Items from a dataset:
--

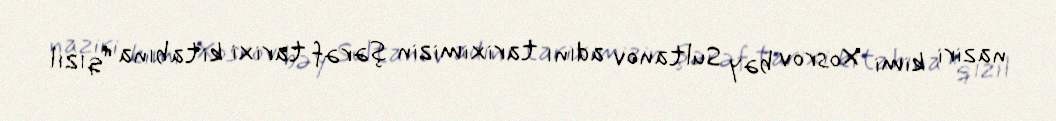
naziri kimi Xosrov bəy Sultanov adını tariximizin şərəf tarixi kitabına “qızıl
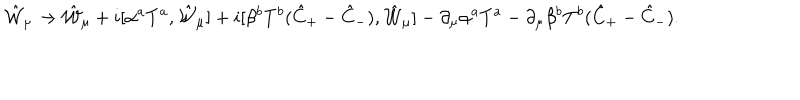
LaTeX: \hat { \cal W } _ { \mu } \to \hat { \cal W } _ { \mu } + i [ \alpha ^ { a } T ^ { a } , \hat { \cal W } _ { \mu } ] + i [ \beta ^ { b } T ^ { b } ( \hat { C } _ { + } - \hat { C } _ { - } ) , \hat { \cal W } _ { \mu } ] - \partial _ { \mu } \alpha ^ { a } T ^ { a } - \partial _ { \mu } \beta ^ { b } T ^ { b } ( \hat { C } _ { + } - \hat { C } _ { - } ) .
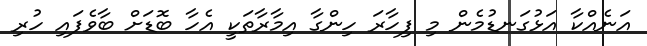
އަނެއްކާ އަޅުގަނޑުމެން މި ފިހާރަ ހިންގާ އިމާރާތަކީ އެހާ ބޮޑަށް ބާވެފައި ހުރި
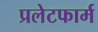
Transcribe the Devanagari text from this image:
प्रलेटफार्म
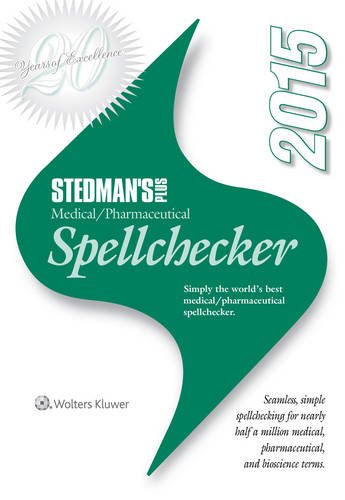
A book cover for Stedman's Plus 2015 Medical/Pharmaceutical Spellchecker (Standard); Stedman's; Medical Books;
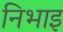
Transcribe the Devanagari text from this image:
निभाइ
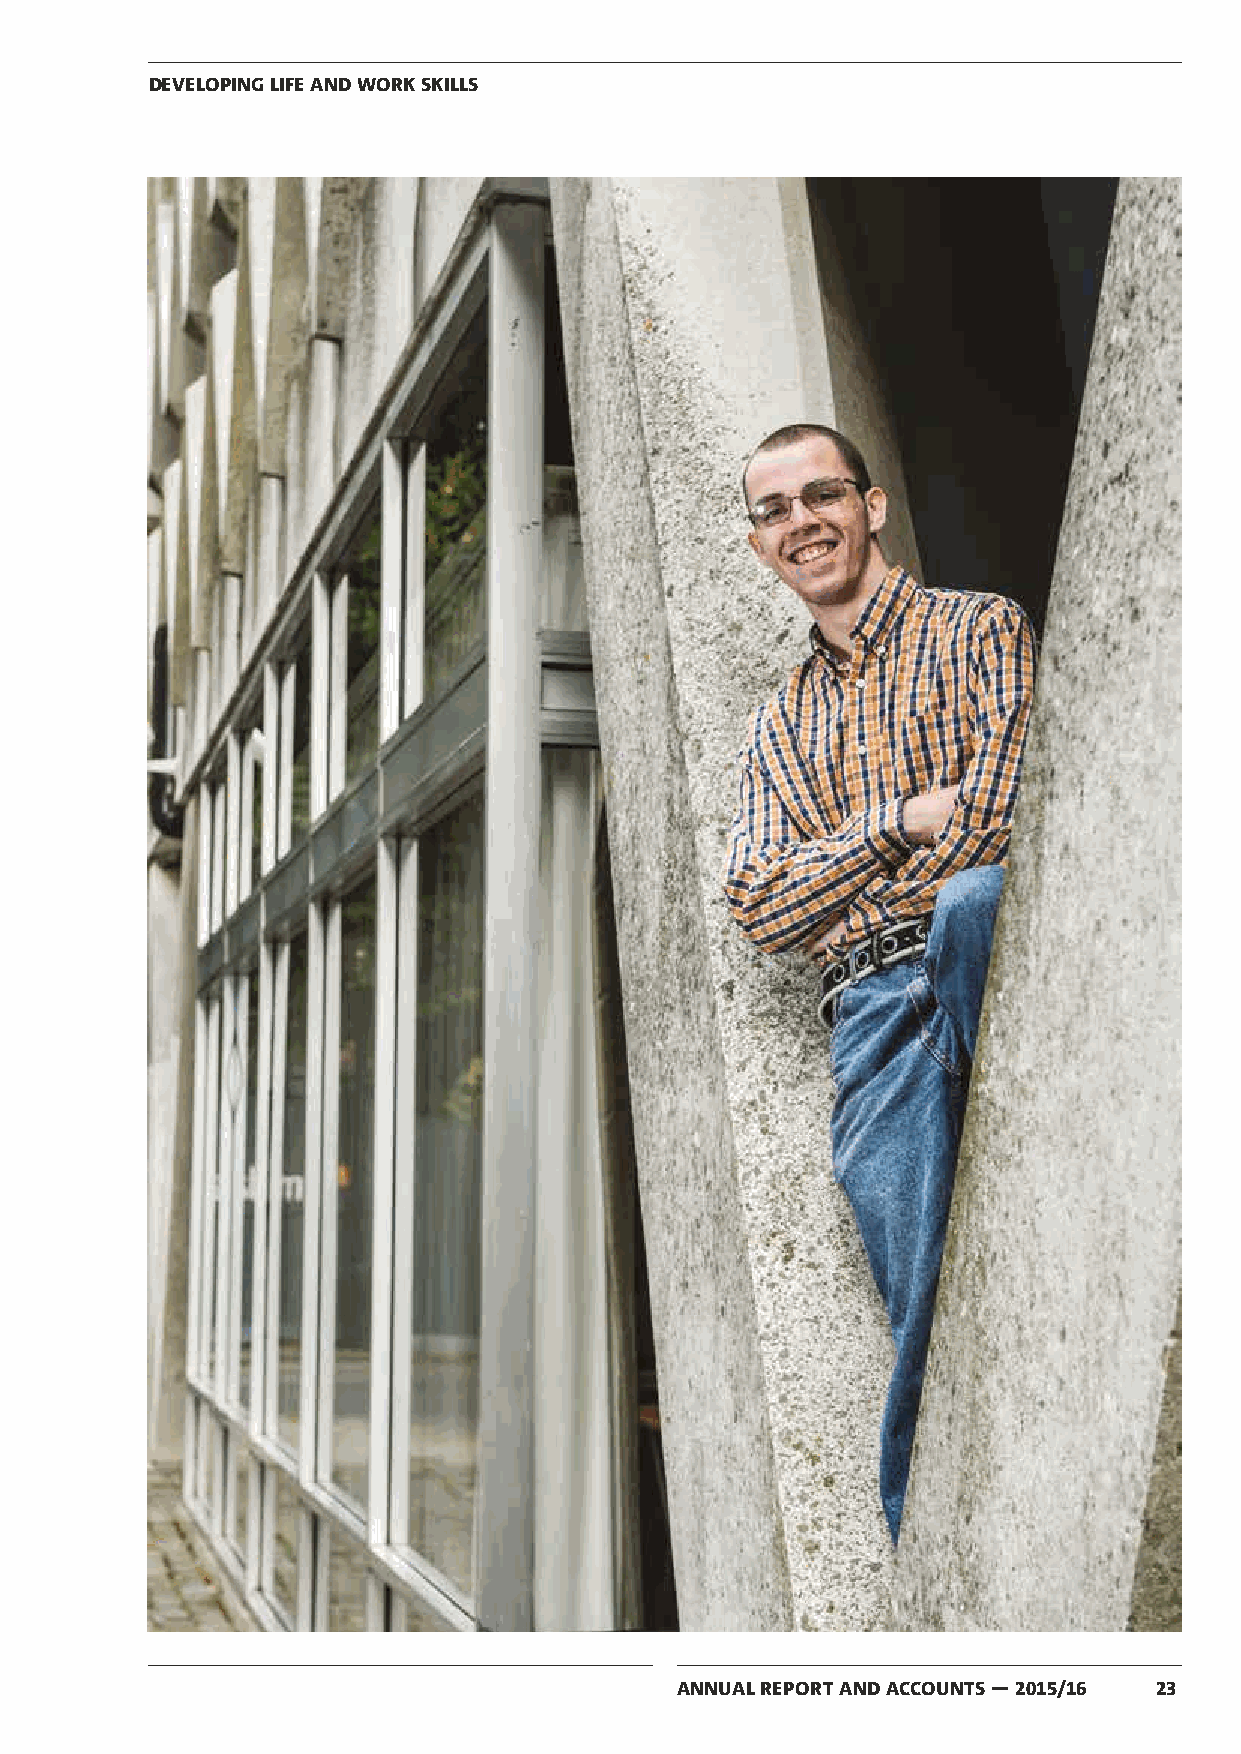
DEVELOPING LIFE AND WORK SKILLS
 ANNUAL REPORT AND ACCOUNTS — 2015/16 23

--

» WHAT YOU HAVE TO DO: Return only the line with "A book cover" and the lines after it up to the end of the records, exact and free of pictures.

» RESPONSE TO THE EXERCISE:
A book cover for Stedman's Plus 2015 Medical/Pharmaceutical Spellchecker (Standard); Stedman's; Medical Books;
Transcribe the Devanagari text from this image:
निभाइ
DEVELOPING LIFE AND WORK SKILLS
 ANNUAL REPORT AND ACCOUNTS — 2015/16 23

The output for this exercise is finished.